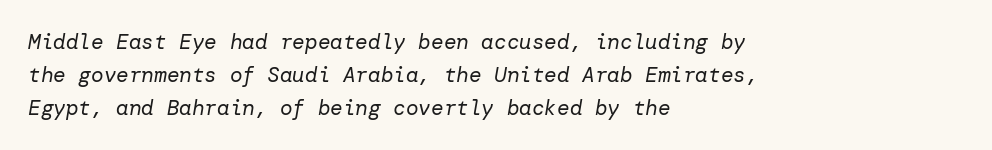
{"italic": "yes", "lean": "right", "slant_degrees": 10, "bold": "no", "underline": "no", "align": "left", "line_spacing": "normal", "line_spacing_ratio": 1.57, "letter_spacing": "normal", "letter_spacing_em": 0.0, "glyph_px": 21}
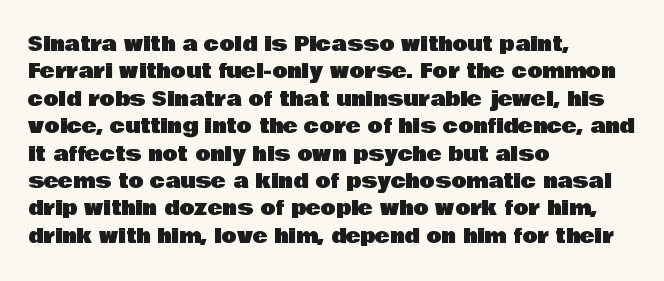
Q: Is the text italic (slanted)? A: No, it is upright.
Q: Is the text underlined? A: No.
Q: How is the paragraph aligned? A: Left-aligned.
Q: Is the spacing between letters normal or unusually wide? A: Normal.
Q: Is the spacing between lines tight, normal or loose? A: Normal.
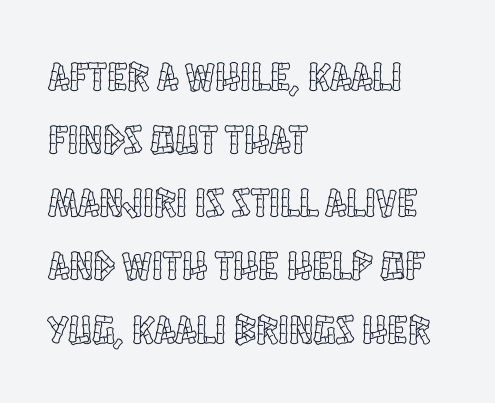
The image shows 41 px condensed type, upright; set left-aligned, normal line spacing (1.54x), normal letter spacing, not underlined; a large x-height.
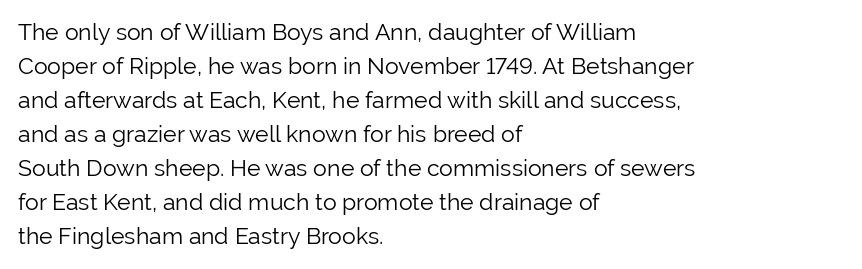
{"italic": "no", "bold": "no", "underline": "no", "align": "left", "line_spacing": "normal", "line_spacing_ratio": 1.48, "letter_spacing": "normal", "letter_spacing_em": 0.0, "glyph_px": 23}
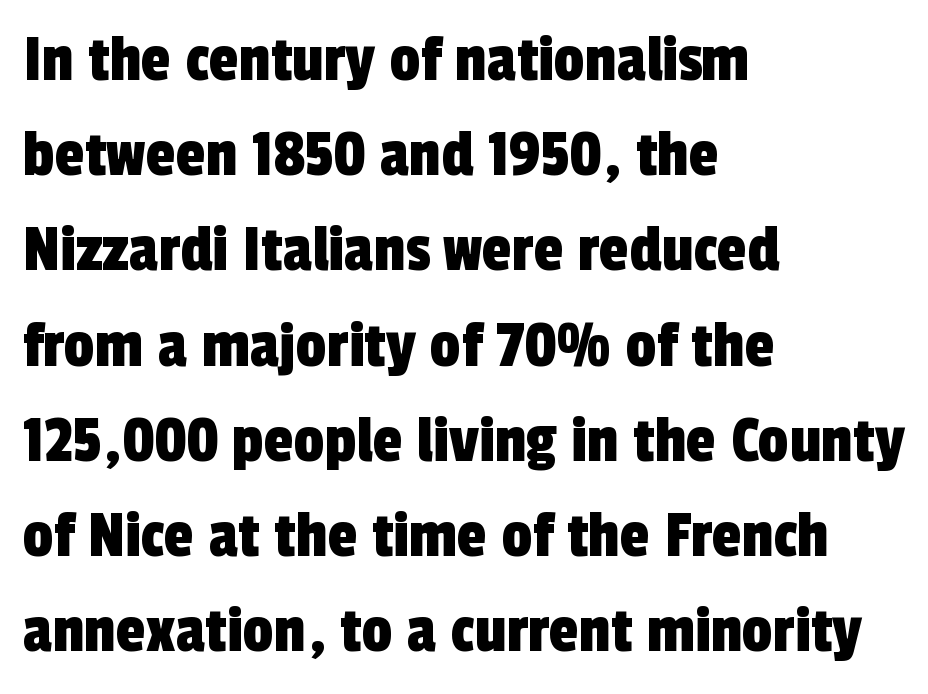
The image shows 68 px condensed sans-serif type; set left-aligned, normal line spacing (1.4x), normal letter spacing, not underlined; a medium x-height.
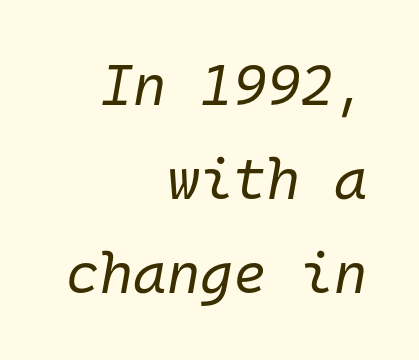
Q: Is the text bold? A: No.
Q: Is the text italic (slanted)? A: Yes, it leans right by about 10 degrees.
Q: Is the text underlined? A: No.
Q: How is the paragraph aligned? A: Right-aligned.
Q: Is the spacing between letters normal or unusually wide? A: Normal.
Q: Is the spacing between lines tight, normal or loose? A: Normal.
Q: Width (condensed, normal, or wide)? A: Normal.
Q: Stroke contrast? A: Low.
Q: x-height? A: Medium.
Q: Monospaced? A: Yes.
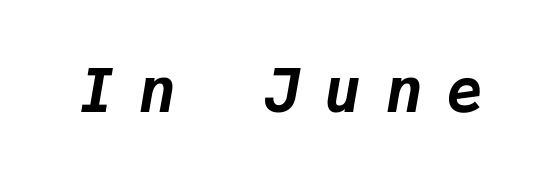
Q: Is the text bold? A: Yes.
Q: Is the text italic (slanted)? A: Yes, it leans right by about 9 degrees.
Q: Is the text underlined? A: No.
Q: Is the spacing between letters normal or unusually wide? A: Unusually wide.
Q: Width (condensed, normal, or wide)? A: Normal.
Q: Stroke contrast? A: Low.
Q: x-height? A: Medium.
Q: Monospaced? A: Yes.
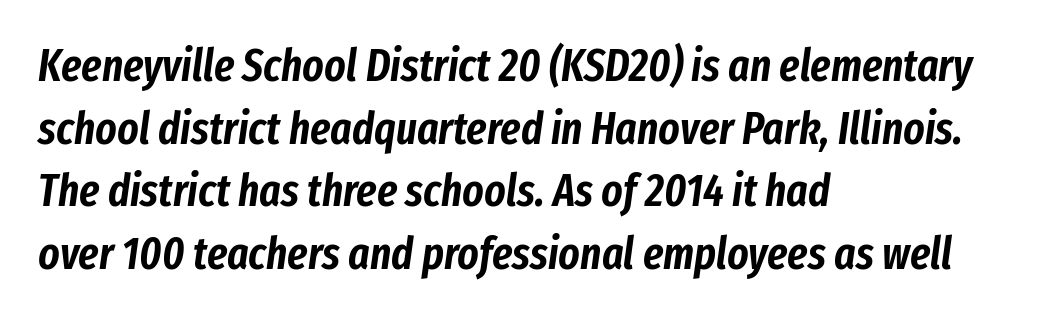
These lines are rendered in a variable-pitch font. This rendering leaves character spacing at its baseline value. Just letters on the line, the space beneath them empty. Where is the straight margin? On the left. Is there much room between lines? A standard amount, neither cramped nor airy. Emphasis-style slanted type is in use.
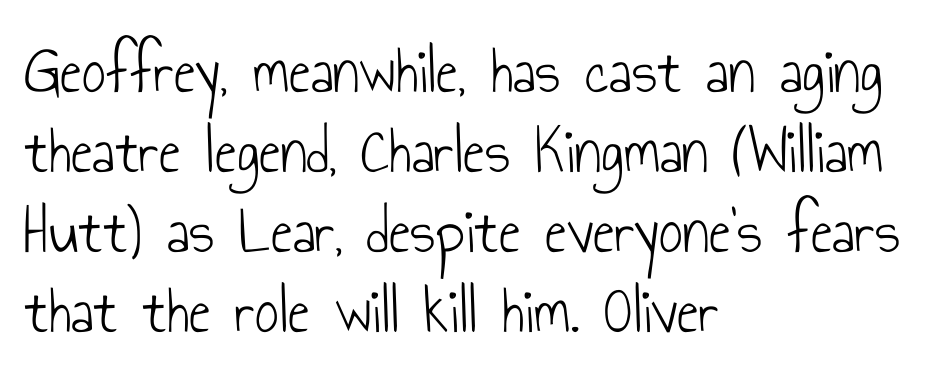
Varying glyph widths throughout — classic text-font behaviour. This rendering uses left alignment, leaving the right contour irregular. Rule under the text: the space is simply empty. The typeface chosen for these lines omits serifs.
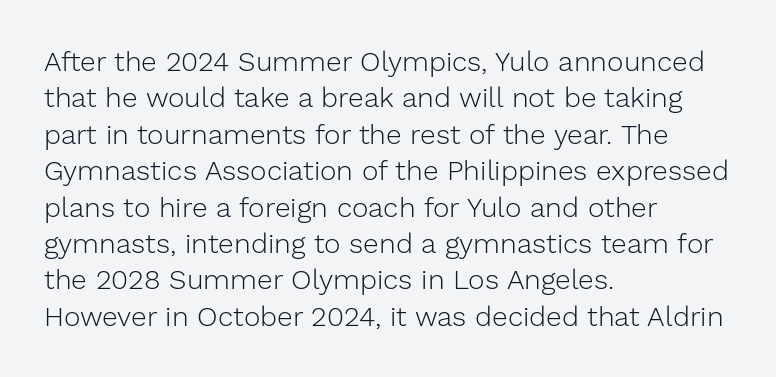
The image shows 28 px light sans-serif type, upright; set left-aligned, normal line spacing (1.3x), normal letter spacing, not underlined; low stroke contrast and a medium x-height.
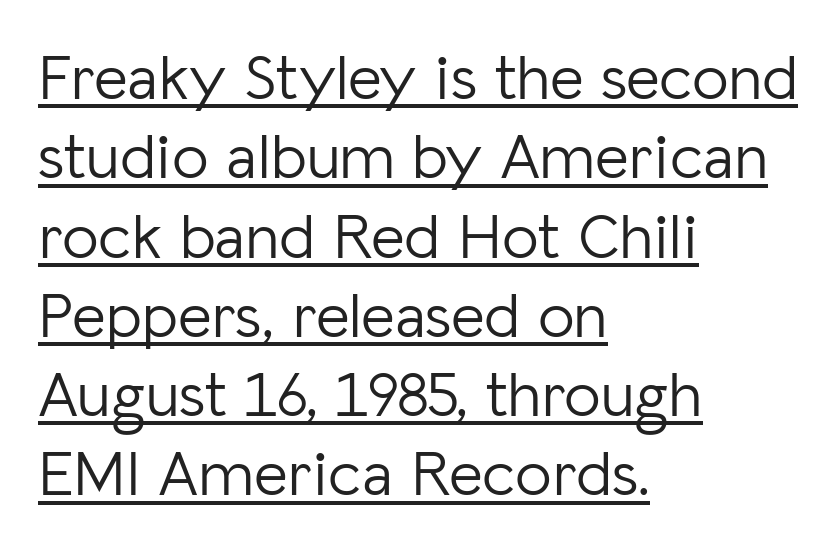
{"serif": "no", "italic": "no", "bold": "no", "weight": "light", "width": "normal", "stroke_contrast": "low", "x_height": "medium", "monospaced": "no", "underline": "yes", "align": "left", "line_spacing_ratio": 1.22, "letter_spacing": "normal", "letter_spacing_em": 0.0, "glyph_px": 65}

▶ **What you will do**
With the pictures removed, print only the lines starting at the line that has "Varying glyph widths" and ending at the line that has "The image shows 28", both ends included, exactly as they stand above.

▶ **Solved problem**
Varying glyph widths throughout — classic text-font behaviour. This rendering uses left alignment, leaving the right contour irregular. Rule under the text: the space is simply empty. The typeface chosen for these lines omits serifs.
The image shows 28 px light sans-serif type, upright; set left-aligned, normal line spacing (1.3x), normal letter spacing, not underlined; low stroke contrast and a medium x-height.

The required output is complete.